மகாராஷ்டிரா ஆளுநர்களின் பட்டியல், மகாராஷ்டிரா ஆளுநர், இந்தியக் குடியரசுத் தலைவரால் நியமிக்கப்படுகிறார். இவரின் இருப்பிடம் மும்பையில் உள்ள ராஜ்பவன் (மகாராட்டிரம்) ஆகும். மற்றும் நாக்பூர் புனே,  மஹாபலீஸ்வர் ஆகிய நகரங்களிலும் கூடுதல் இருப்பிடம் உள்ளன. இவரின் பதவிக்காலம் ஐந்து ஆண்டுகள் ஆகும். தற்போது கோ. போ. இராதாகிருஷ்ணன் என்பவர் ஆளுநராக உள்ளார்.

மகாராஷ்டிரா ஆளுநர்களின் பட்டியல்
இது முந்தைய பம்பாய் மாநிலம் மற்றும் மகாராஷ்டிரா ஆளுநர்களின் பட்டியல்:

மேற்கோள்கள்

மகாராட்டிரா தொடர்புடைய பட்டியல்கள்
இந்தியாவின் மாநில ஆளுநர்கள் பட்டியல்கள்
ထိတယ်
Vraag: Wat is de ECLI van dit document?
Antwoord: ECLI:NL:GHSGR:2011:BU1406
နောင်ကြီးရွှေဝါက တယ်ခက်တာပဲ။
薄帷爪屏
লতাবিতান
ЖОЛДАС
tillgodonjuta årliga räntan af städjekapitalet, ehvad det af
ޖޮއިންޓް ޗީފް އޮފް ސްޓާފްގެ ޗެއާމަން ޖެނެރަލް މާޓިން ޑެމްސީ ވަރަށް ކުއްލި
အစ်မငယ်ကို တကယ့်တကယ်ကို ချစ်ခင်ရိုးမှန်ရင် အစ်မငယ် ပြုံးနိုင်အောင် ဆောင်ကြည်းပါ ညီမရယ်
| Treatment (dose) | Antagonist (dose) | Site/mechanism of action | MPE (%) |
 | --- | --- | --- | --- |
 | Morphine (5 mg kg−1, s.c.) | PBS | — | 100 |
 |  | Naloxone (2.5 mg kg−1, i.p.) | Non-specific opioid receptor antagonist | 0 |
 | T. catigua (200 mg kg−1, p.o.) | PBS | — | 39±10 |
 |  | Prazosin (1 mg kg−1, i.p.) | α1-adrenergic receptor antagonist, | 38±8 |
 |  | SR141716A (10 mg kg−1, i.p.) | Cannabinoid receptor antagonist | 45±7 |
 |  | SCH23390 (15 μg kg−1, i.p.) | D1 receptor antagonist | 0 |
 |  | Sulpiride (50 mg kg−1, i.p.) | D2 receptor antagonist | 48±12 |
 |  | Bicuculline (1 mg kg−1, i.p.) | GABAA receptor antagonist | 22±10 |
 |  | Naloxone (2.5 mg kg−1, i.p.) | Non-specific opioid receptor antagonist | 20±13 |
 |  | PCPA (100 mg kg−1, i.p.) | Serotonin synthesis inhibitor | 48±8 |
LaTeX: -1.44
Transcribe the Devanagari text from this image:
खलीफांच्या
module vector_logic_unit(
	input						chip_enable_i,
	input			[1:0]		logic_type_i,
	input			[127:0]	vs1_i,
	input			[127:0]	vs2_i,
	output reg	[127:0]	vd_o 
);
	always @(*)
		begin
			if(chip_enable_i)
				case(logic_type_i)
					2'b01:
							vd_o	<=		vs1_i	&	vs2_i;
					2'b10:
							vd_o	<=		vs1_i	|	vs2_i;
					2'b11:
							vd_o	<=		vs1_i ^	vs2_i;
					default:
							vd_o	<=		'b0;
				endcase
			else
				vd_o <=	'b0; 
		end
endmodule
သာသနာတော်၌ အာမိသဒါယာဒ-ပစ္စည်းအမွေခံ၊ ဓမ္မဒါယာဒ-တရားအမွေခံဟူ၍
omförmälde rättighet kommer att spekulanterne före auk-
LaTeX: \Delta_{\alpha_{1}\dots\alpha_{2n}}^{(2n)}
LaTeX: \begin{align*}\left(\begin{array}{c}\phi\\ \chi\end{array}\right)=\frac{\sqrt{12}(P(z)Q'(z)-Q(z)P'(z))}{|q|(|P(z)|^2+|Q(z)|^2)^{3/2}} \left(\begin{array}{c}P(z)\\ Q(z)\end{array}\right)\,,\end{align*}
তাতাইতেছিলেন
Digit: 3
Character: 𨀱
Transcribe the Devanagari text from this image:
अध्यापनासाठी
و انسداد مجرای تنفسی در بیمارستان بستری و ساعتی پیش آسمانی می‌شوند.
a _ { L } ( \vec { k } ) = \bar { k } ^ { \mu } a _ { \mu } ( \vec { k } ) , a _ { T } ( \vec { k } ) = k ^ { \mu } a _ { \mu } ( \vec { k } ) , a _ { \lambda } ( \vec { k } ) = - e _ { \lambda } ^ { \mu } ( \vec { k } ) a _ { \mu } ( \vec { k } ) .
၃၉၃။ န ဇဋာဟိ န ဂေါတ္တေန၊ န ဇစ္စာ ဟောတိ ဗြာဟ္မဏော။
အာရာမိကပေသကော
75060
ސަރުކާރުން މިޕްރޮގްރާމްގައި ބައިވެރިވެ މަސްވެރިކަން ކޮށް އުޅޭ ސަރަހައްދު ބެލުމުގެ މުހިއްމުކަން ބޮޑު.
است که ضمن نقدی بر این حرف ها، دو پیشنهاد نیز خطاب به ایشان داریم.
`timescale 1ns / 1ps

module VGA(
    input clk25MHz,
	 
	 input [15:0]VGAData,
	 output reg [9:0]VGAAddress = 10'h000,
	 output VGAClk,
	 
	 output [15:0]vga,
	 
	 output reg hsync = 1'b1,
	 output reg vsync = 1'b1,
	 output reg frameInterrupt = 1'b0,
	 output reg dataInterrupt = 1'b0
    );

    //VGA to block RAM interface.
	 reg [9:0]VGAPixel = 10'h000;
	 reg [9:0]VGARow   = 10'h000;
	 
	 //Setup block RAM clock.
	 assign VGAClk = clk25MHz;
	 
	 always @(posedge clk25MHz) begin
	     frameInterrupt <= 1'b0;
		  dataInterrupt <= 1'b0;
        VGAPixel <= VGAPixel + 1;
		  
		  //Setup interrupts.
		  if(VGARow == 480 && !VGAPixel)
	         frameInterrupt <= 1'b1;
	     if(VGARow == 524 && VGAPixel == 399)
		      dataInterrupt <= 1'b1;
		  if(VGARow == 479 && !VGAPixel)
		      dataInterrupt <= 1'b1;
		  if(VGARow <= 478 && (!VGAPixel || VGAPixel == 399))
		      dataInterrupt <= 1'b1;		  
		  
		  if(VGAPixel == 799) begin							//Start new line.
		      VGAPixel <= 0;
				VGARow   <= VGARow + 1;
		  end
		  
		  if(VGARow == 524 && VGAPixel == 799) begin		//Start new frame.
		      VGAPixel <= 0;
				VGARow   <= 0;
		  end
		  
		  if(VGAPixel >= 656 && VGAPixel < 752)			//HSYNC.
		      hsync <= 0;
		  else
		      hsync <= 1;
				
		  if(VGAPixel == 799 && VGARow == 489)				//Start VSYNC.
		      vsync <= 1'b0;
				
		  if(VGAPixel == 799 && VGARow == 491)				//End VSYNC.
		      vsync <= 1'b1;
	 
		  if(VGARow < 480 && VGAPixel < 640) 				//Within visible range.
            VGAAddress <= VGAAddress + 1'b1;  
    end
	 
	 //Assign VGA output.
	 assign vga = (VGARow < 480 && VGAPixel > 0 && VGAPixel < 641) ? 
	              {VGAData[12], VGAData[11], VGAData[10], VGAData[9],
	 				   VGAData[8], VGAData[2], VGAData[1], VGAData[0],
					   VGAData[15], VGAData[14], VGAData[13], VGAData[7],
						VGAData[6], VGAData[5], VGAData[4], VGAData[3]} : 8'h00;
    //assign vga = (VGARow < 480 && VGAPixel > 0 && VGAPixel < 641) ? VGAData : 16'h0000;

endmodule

——————————

What is needed - Your answer should consist of the lines of the listing that contain "always", copied as they stand.

Task solution -
	always @(*)
	 always @(posedge clk25MHz) begin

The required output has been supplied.